As a Christian I tend to only read those books I agree with and I tend to only go to those web sites who’s views I share. It’s human nature to spend more time with people who are similar to you. I have to make a concerted effort to read people I disagree with. I try to get inside Richard Dawkins’ head and see things the way he does. I try my best to understand where Hindus are coming from and how they view the world. I would love to see more journalists do this same thing.

BG: Is there anything else you would like to add?

BG: Yes, I would like to thank you, Brian, for taking the time to ask these questions and giving me the opportunity to answer them. I’ve enjoyed your blog ever since someone suggested it for inclusion in 9rules just prior to round 5. I think that by you simply seeking my opinion on this issue it shows that you’re striving to be a well rounded journalist and I think you’re a good one at that. (Thanks! -B)

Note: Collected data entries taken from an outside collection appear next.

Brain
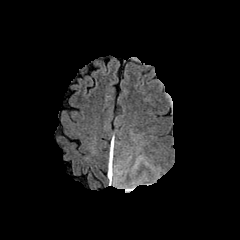
FLAIR MR.
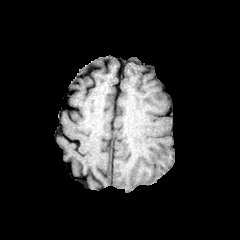
T1-weighted MRI.
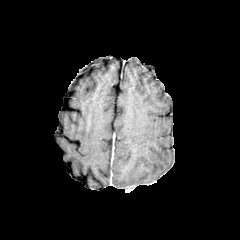
Post-contrast T1-weighted MR image of the same slice.
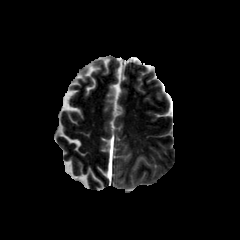
Same slice, T2-weighted magnetic resonance.
The edema is at (x1=107, y1=140, x2=114, y2=185).
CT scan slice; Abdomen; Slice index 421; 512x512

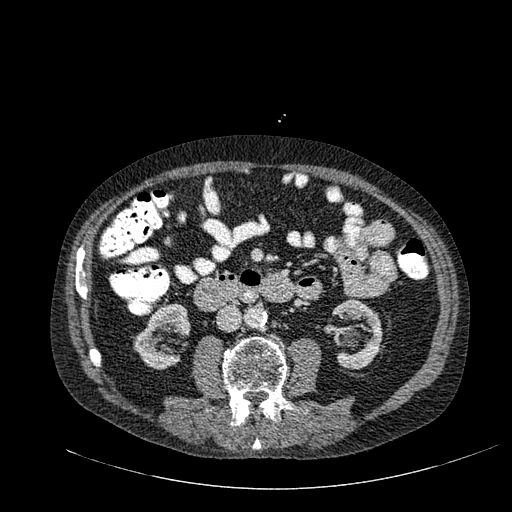 2 kidney regions appear at x1=324, y1=301, x2=382, y2=369; x1=133, y1=303, x2=190, y2=369.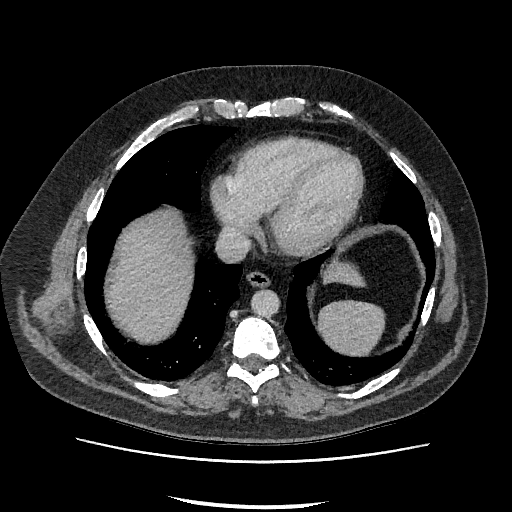

Liver. CT slice.

Liver: bounding box [x1=108, y1=213, x2=191, y2=341], [x1=324, y1=263, x2=364, y2=285].

Thanks for the great interview, Ben!

5 Responses to “Interview: Ben Gray on Religion and the Media”

  1. Gravatar Icon 1 Amanda Jan 18th, 2007 at 11:05 pm Quote

    Good interview Brian. The media definetly has a bad reputation in the religious community since it’s so secular. It’s hard for those in the media to wrap their head around religion, since many probably don’t beleive, and the rest just don’t practice. It’s foreign to them, and yes.. they (we) paint all religious people like nuts. That’s our bias, one of the hardest to get rid of. It’s not a good one, but I doubt there will be a change any time soon. I guess where I’m working has opened my eyes to bias/religion even more, since I now hear people talking about it.

  2. Gravatar Icon 2 Brian Gilham Jan 19th, 2007 at 7:48 am Quote

    Amanda: It’s your workplace that inspired my interview with Ben. I think you and I have both had plenty of exposure to religious stories during our time, either through working on stories or dealing with our fellow reporters, and there’s definitely a prevailing bias toward the secular in journalism.

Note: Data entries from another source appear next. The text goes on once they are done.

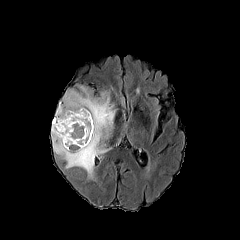
FLAIR MR.
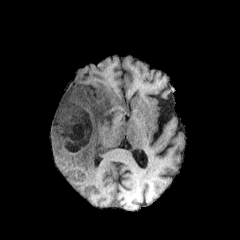
T1-weighted MR.
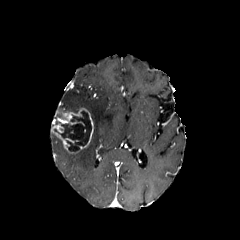
Post-contrast T1-weighted magnetic resonance.
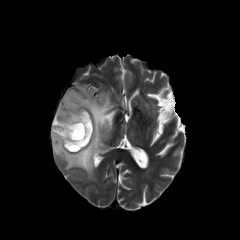
T2-weighted MRI.
240x240 px; Head
<segmentation>
  <non-enhancing_tumor_core>box(57, 111, 91, 151)</non-enhancing_tumor_core>
  <enhancing_tumor>box(51, 107, 93, 153)</enhancing_tumor>
  <edema>box(51, 84, 117, 182)</edema>
</segmentation>

    I wonder why that is, though? Are Atheists more likely to pursue a career in journalism? Do people of faith stay away from the media because of past experiences? It’s a lot to think about.

  3. Gravatar Icon 3 Ben Jan 19th, 2007 at 4:58 pm Quote

    I agree with both of you. But I think it’s also important to realize that everyone has a bias, it’s normal. I also think that the best thing we can do toward removing a bias is to just own up to it and admit it. That lets the reader/audience form a better conclusion because they have a better understanding of where you’re coming from.

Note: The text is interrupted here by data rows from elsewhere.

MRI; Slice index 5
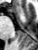
Anterior hippocampus at [14, 6, 20, 12], [10, 9, 12, 11].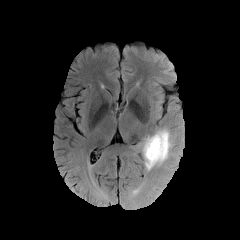
FLAIR MR.
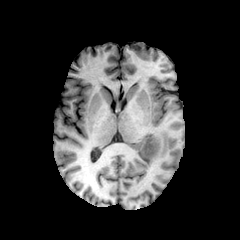
T1-weighted magnetic resonance.
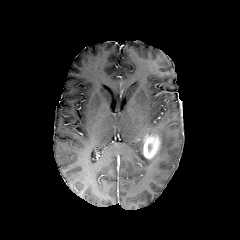
Same slice, post-contrast T1-weighted MR.
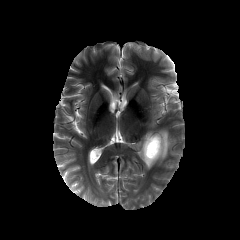
T2-weighted magnetic resonance.
240x240 px
enhancing_tumor:
  - box(142, 134, 160, 160)
edema:
  - box(139, 135, 145, 156)
  - box(142, 128, 175, 169)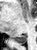

MRI. Posterior hippocampus: bounding box [14, 35, 26, 43].

    When I comment on secular blogs or whatever I’ll first admit “look, I’m a conservative Christian Minister, so my worldview is different from yours, but this is how I look at it…etc.” BTW, that’s something I think you’re good at, Brian. Amanda, I don’t know you well enough yet ;).

  4. Gravatar Icon 4 Amanda Jan 19th, 2007 at 9:20 pm Quote

    Glad Essence inspired something!
    Ben, so you know MY bias: I’m an atheist who now works at a Christian book publisher.. it’s a job, mainly. I like what I do, I’m not overly involved in the Christian part of it, just the production/design part. ( I also work for a newspaper group, located in the same office. ( Same building, owned by the same people but SUCH a difference. Newspapers are completely secular, as are most of the people who work for it, or at least the ones I deal with. I feel a little stuck in the middle, having to hide my true self (from some co-workers).. but also, I’m of the belief that religion should not be discussed at work. It comes up sometimes.. random theological discussions, or outright ridiculous statements (to me anyways).
    Brian: I think media generally attracts atheists, but certainly not everyone who is in the media is one. Atheists are probably drawn to it because it’s a liberal industry.